Diacritical and Orthographic Modifications in Written Punjabi as Adversarial Attacks on NLP Systems: Challenges and Implications
Keywords:
Adversarial Attacks, Punjabi Language Processing, NLP Vulnerabilities, Script Normalization, Diacritical Manipulation, Dual script Punjabi (Gurmukhi and Shahmukhi)Abstract
Adversarial attacks in Natural Language Processing (NLP) have predominantly targeted high resource languages, leaving vulnerabilities in lesser resourced languages relatively unexplored. This research specifically investigates adversarial vulnerabilities in Punjabi, a digraphic language written in two distinct scripts: Gurmukhi and Shahmukhi. The study examines how intentional diacritical insertions, deletions, and orthographic modifications within Punjabi texts can significantly impair NLP systems, impacting crucial tasks such as part of speech (POS) tagging, text classification, and machine translation.
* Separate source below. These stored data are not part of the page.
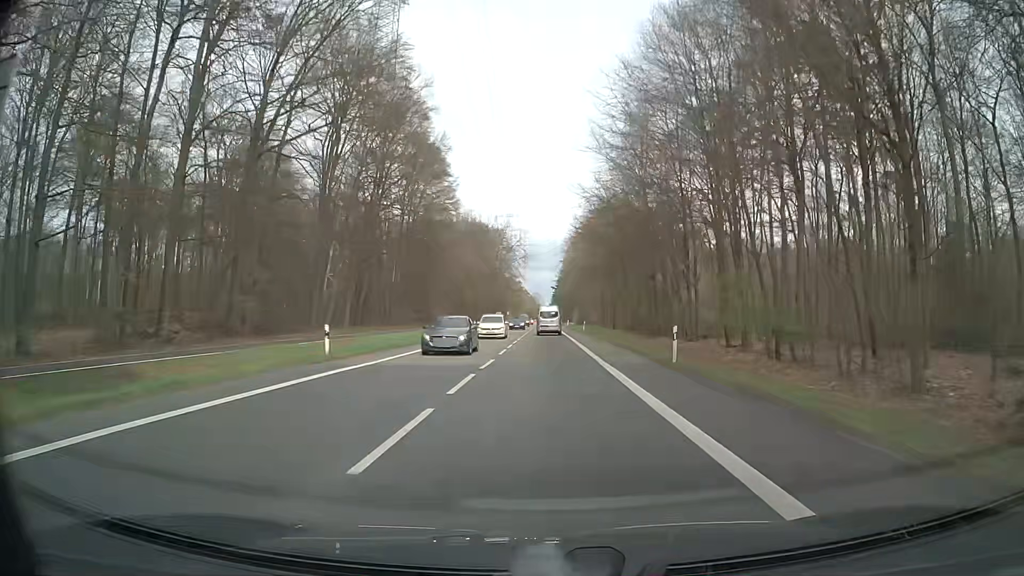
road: secondary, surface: asphalt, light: Day
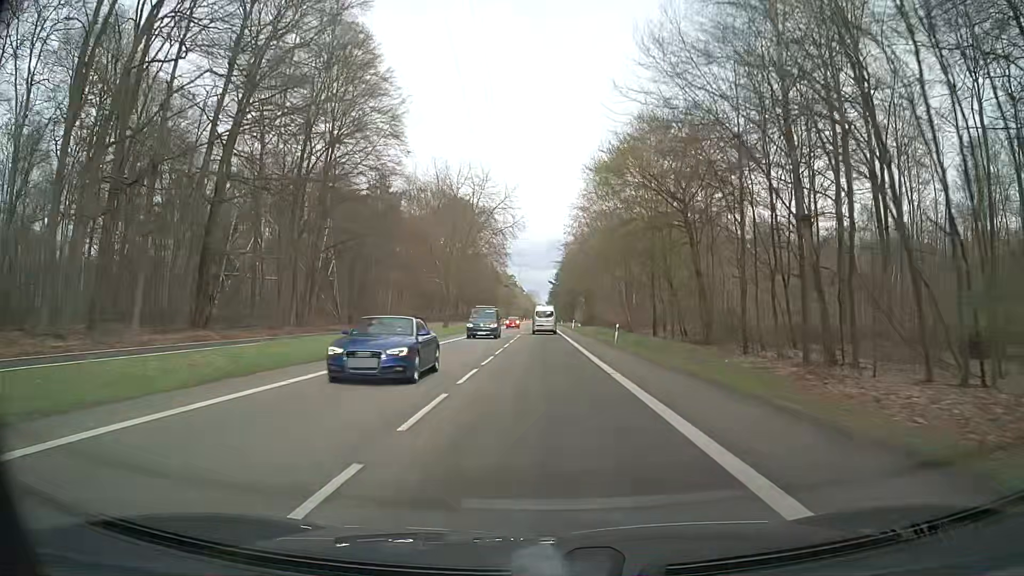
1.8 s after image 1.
(+0.2, +34.2) m; 0°
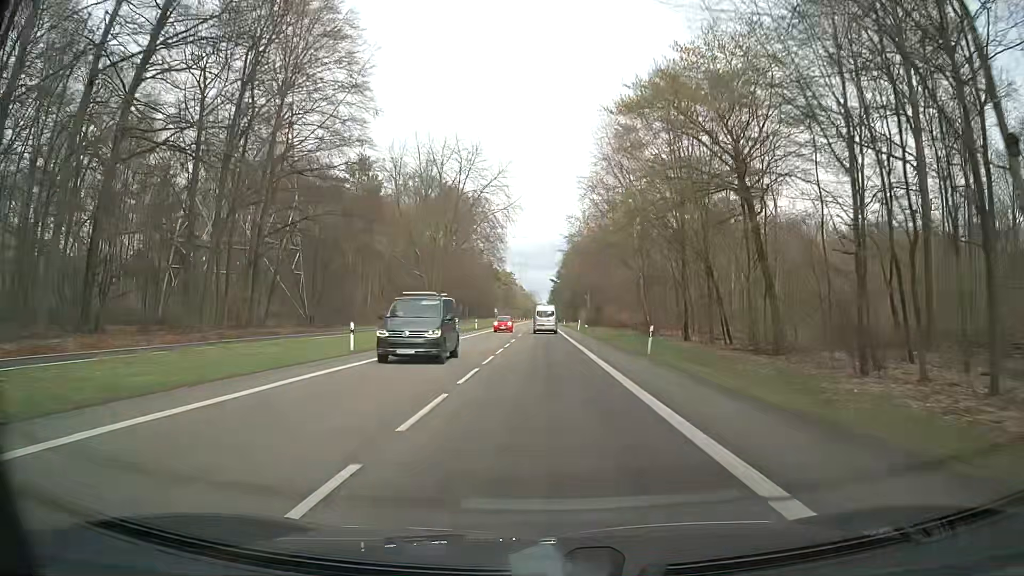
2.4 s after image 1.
(0.0, +11.5) m; 0°
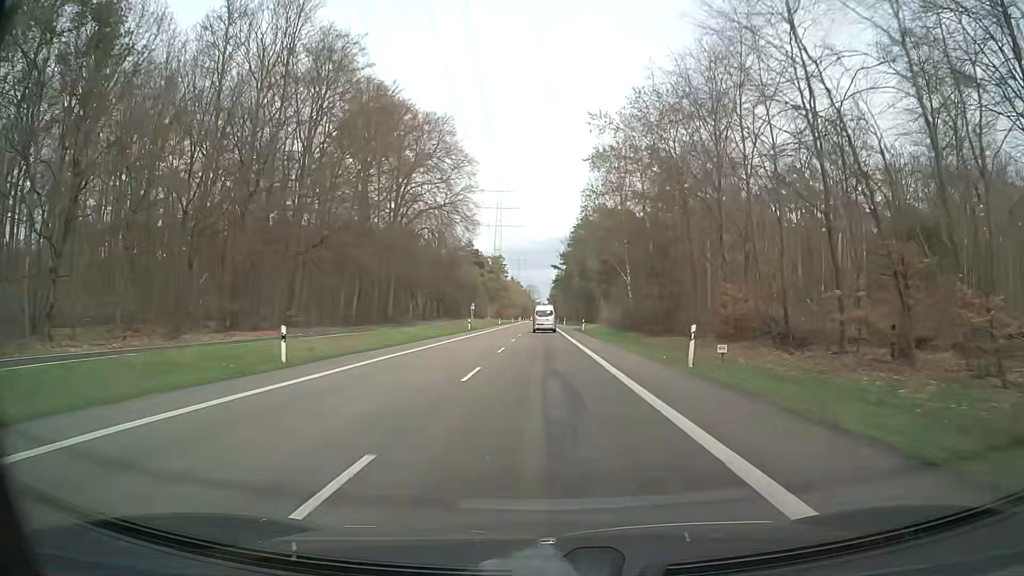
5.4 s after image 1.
(+0.3, +57.4) m; +1°
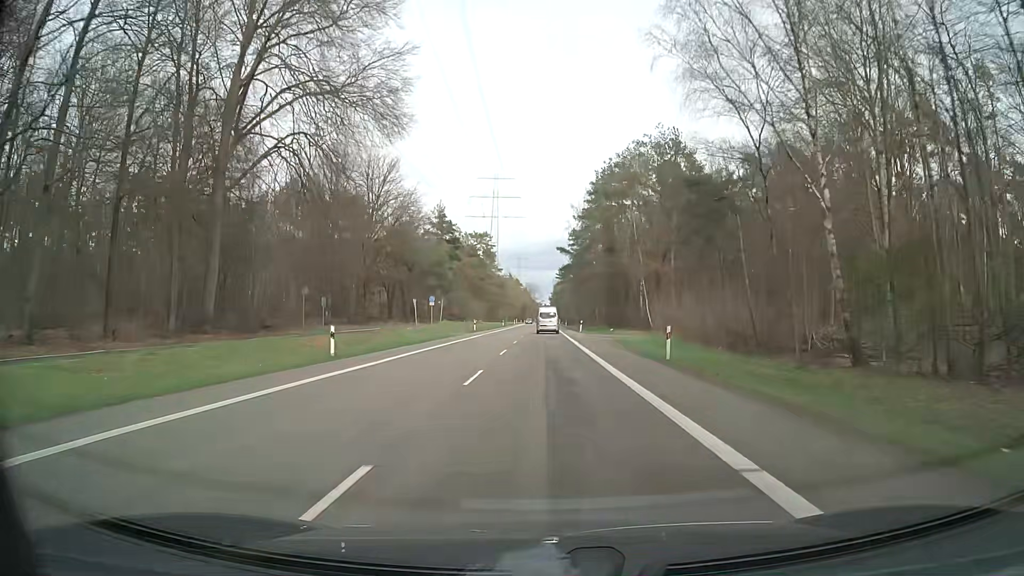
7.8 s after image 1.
(-0.4, +46.0) m; 0°
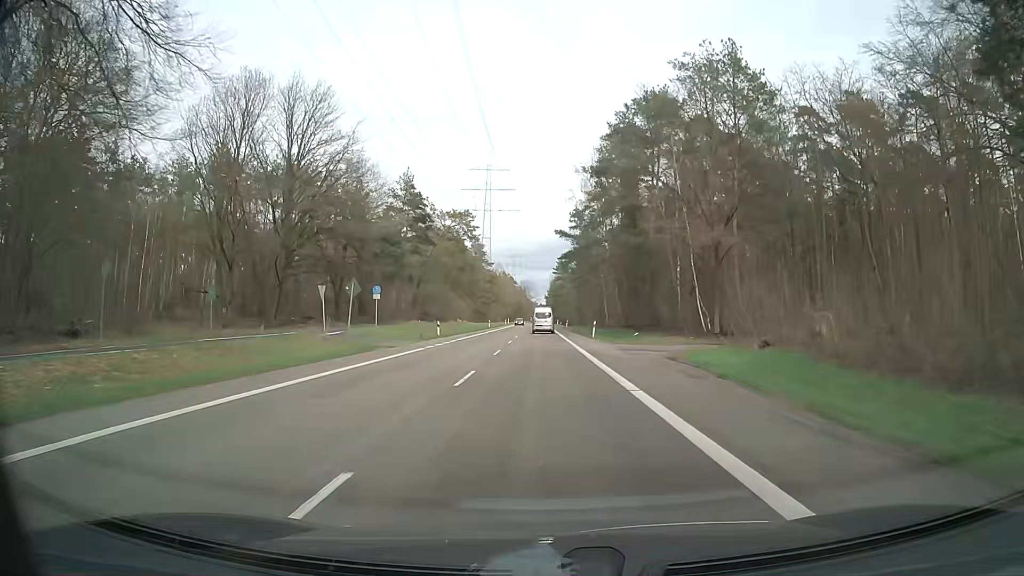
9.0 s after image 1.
(+0.1, +23.2) m; 0°
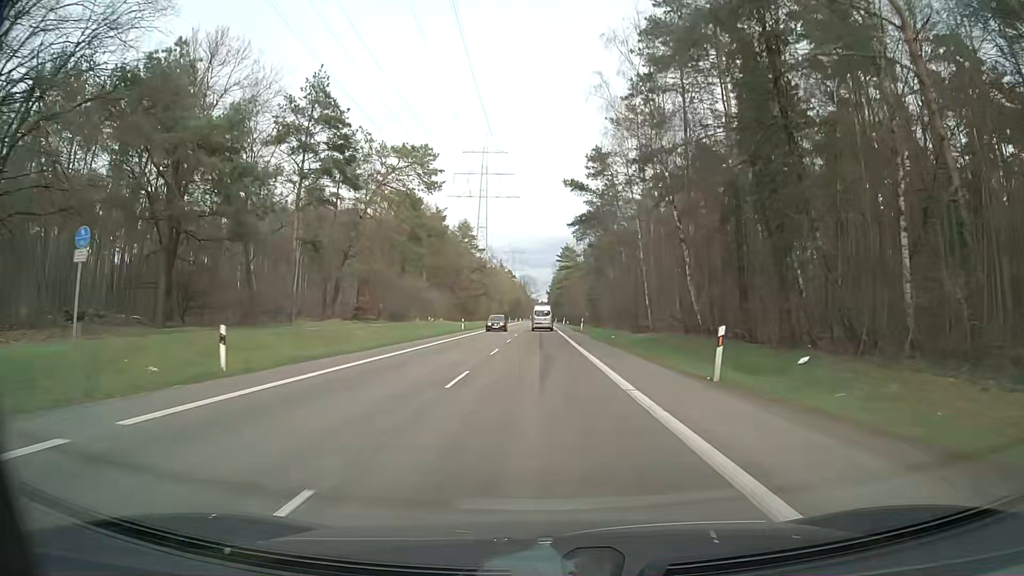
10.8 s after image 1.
(0.0, +34.9) m; 0°
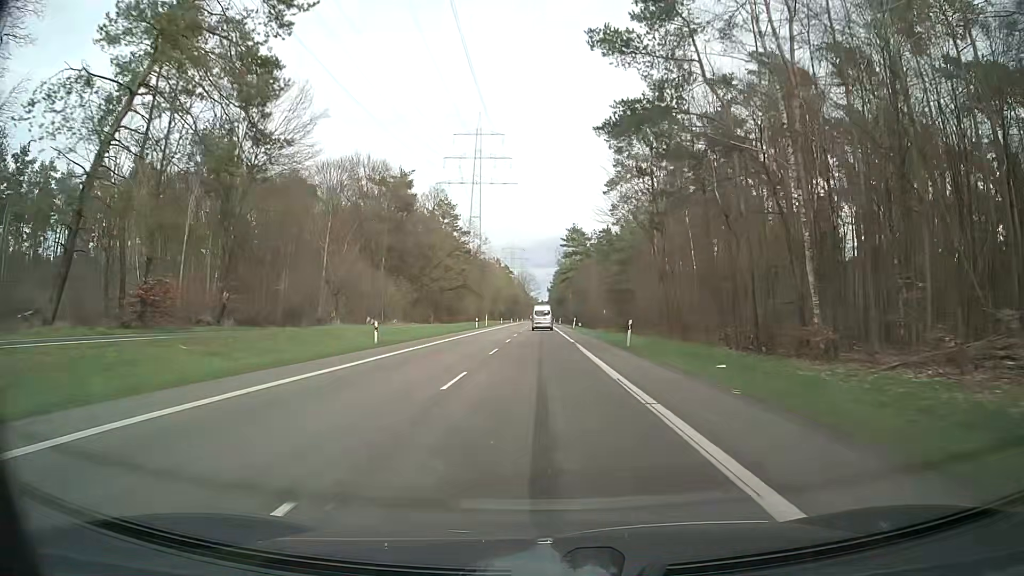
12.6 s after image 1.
(0.0, +34.6) m; 0°
(0, +10) (0, +20) (0, +30) (0, +40) (0, +50) (0, +60) (0, +70) (0, +80) (0, +90) (0, +100) m

A structured methodology is employed to systematically generate adversarial examples for both scripts, assessing their impacts on NLP model accuracy and key performance metrics such as F1 scores. The results demonstrate substantial performance degradation caused by minimal linguistic manipulations, highlighting critical vulnerabilities inherent in current NLP systems. Consequently, this study underscores the importance of robust defensive measures, including script normalization, targeted adversarial training, and language specific resilience strategies. Beyond its contribution to Punjabi NLP, this research offers valuable insights applicable to broader adversarial machine learning, particularly for languages characterized by complex orthographic and diacritical features.